» WHAT IS NEEDED: Look through the entries below and count the lines with the word "wire" in them; give only the number.

SUPPLIED RECORDS section start

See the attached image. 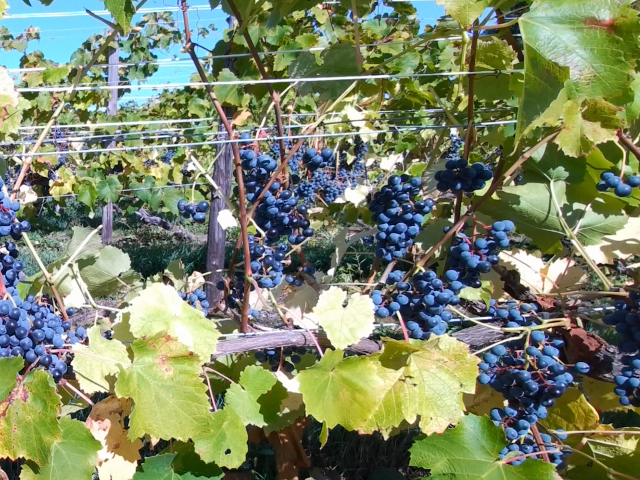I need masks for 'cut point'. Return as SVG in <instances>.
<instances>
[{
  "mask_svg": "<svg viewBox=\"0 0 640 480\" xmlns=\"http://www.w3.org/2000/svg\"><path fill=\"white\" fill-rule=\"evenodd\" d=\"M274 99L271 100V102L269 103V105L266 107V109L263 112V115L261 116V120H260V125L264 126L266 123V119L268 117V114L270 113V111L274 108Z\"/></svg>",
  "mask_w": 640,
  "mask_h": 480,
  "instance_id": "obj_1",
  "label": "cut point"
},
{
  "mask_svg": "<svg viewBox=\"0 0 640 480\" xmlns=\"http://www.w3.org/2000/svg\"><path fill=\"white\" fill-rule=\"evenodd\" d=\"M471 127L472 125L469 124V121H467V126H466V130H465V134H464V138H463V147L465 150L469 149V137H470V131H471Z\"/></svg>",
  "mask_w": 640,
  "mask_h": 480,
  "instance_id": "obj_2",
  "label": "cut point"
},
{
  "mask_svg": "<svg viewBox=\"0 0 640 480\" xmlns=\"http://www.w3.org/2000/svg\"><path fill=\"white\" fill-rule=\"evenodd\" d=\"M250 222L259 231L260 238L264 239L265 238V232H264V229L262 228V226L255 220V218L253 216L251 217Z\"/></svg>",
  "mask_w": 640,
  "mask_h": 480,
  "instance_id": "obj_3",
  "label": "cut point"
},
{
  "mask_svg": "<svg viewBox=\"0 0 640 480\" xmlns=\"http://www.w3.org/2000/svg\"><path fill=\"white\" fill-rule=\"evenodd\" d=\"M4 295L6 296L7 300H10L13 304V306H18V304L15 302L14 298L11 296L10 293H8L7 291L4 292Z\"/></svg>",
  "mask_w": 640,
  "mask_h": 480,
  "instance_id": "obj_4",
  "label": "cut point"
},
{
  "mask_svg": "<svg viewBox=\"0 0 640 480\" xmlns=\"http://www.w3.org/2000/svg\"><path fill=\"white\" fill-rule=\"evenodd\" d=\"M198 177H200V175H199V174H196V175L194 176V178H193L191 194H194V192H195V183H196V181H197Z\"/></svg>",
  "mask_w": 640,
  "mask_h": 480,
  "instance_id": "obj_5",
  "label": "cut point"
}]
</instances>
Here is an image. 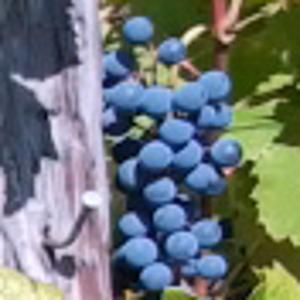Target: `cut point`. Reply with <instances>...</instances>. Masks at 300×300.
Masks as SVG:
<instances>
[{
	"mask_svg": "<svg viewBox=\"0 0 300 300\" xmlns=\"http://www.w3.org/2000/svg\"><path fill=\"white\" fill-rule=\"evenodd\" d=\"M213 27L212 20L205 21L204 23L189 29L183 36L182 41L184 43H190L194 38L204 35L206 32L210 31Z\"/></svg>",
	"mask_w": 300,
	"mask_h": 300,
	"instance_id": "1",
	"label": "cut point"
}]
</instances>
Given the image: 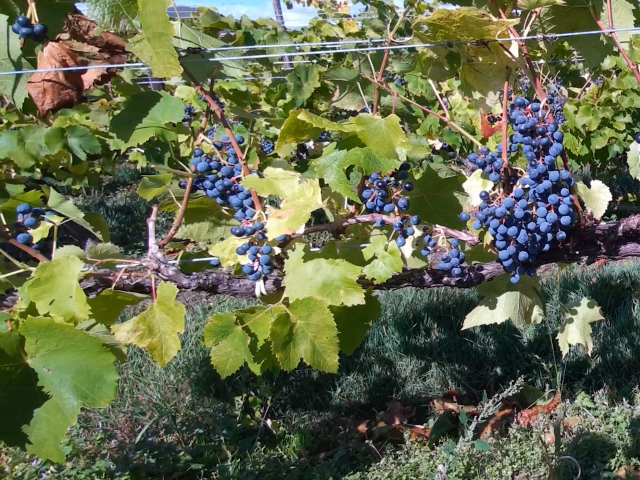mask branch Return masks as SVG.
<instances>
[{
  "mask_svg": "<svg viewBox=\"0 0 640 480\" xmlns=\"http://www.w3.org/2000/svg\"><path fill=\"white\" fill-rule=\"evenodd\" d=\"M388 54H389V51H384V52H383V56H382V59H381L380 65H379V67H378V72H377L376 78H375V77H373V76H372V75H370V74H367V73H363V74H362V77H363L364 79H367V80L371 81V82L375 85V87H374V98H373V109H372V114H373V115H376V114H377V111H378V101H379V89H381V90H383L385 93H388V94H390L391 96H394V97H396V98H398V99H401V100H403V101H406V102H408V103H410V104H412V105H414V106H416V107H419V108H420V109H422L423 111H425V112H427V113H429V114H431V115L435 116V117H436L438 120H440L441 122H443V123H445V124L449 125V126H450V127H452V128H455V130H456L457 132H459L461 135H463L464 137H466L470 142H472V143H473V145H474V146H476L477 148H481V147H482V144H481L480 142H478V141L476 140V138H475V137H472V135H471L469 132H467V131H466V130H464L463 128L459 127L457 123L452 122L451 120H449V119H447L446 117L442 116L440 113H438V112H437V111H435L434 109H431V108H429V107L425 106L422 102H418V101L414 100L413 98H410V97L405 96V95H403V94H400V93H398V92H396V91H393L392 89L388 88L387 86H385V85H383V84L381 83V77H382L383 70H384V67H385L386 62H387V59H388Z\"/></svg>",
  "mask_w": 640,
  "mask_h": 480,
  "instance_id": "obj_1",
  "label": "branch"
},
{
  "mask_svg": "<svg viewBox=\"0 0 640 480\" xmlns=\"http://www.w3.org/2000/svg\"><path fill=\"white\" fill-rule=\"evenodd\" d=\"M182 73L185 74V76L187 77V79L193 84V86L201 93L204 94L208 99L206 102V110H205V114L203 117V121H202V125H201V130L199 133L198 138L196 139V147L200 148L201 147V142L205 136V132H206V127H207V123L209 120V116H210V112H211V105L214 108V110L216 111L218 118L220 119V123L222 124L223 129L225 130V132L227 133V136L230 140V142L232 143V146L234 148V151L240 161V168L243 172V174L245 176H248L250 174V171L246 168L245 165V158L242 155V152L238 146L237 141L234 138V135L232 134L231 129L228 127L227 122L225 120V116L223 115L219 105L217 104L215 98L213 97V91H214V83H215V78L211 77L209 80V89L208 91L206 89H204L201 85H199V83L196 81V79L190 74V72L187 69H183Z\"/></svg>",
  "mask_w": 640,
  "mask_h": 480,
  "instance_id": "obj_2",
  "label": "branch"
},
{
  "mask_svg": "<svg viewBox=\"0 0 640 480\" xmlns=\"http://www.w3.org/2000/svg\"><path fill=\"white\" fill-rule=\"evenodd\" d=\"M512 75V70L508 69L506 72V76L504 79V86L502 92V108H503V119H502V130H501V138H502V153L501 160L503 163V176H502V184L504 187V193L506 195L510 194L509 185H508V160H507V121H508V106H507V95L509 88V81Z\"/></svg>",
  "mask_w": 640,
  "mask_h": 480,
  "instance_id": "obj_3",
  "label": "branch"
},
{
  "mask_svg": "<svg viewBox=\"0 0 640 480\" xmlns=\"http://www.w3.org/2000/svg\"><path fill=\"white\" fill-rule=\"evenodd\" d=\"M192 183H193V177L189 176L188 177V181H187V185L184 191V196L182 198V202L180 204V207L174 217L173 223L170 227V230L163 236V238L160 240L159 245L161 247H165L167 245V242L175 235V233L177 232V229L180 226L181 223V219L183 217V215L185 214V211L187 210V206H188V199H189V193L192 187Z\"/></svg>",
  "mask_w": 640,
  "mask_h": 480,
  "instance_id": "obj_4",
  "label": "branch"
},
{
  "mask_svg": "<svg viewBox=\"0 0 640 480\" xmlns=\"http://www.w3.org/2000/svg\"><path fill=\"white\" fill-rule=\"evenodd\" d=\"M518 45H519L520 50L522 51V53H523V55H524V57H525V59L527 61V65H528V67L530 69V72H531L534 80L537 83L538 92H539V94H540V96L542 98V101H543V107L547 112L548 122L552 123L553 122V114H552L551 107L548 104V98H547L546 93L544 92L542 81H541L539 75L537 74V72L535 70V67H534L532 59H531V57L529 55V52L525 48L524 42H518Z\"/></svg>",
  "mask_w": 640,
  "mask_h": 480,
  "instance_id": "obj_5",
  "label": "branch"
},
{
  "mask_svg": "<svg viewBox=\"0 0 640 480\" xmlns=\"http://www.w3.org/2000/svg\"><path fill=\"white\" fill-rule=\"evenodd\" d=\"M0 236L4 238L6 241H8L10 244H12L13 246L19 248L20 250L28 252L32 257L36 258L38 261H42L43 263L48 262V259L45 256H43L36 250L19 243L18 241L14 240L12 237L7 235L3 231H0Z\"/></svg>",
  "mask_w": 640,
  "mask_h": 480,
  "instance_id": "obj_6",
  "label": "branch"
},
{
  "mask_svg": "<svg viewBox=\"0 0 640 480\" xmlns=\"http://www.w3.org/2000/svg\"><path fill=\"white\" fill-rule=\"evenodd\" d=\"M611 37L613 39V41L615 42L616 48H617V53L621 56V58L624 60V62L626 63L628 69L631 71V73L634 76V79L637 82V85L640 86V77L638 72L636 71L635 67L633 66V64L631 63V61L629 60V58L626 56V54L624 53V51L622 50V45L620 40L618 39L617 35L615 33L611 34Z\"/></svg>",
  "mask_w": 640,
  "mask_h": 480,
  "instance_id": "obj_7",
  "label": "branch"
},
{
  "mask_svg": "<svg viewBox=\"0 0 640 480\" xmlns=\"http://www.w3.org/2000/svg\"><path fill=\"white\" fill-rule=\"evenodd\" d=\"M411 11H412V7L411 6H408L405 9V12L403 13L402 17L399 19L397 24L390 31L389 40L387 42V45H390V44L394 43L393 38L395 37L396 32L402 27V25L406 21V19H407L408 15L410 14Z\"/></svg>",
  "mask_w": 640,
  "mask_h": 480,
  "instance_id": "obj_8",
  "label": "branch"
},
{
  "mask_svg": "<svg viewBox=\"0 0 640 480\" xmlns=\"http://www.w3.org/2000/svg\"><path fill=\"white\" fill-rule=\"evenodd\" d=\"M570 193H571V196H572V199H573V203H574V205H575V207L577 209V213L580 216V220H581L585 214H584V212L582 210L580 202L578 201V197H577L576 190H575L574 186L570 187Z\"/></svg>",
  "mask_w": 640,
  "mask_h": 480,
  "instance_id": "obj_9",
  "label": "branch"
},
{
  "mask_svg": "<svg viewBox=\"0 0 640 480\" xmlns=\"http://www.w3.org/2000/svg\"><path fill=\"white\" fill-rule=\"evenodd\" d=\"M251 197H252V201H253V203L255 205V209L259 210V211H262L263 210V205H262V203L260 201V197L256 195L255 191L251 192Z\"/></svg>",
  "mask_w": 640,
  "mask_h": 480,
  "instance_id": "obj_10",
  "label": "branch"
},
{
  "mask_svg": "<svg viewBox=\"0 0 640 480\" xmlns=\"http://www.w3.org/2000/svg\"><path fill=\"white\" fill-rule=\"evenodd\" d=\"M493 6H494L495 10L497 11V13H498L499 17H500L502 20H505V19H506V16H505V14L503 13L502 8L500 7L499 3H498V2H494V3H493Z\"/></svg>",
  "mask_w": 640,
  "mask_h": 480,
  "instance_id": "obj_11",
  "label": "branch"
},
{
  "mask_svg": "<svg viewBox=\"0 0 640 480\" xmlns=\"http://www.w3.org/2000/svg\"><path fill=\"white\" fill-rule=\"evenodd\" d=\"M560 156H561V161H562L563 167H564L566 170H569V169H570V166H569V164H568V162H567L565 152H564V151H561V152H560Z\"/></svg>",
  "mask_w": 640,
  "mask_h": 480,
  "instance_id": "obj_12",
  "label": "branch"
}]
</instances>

SUPPLIED RECORDS section end
SUPPLIED RECORDS section start

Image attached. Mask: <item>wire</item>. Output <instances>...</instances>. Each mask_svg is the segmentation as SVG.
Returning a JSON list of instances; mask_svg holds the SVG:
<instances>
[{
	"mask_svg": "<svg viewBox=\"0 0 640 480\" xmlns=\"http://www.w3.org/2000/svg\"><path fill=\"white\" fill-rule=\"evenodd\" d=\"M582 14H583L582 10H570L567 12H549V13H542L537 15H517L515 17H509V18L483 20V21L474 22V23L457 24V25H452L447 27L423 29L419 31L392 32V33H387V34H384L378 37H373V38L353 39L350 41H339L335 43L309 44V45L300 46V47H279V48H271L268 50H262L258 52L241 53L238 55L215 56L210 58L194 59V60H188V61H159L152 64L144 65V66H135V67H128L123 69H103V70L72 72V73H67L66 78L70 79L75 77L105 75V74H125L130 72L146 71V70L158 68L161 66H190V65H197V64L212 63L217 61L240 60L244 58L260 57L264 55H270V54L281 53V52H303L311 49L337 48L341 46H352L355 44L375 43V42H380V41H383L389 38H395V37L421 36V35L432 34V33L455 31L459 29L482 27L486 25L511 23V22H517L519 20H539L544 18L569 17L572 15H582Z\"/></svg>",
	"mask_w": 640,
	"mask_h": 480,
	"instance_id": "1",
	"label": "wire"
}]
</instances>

SUPPLIED RECORDS section end

» SOLVED EXERCISE: 2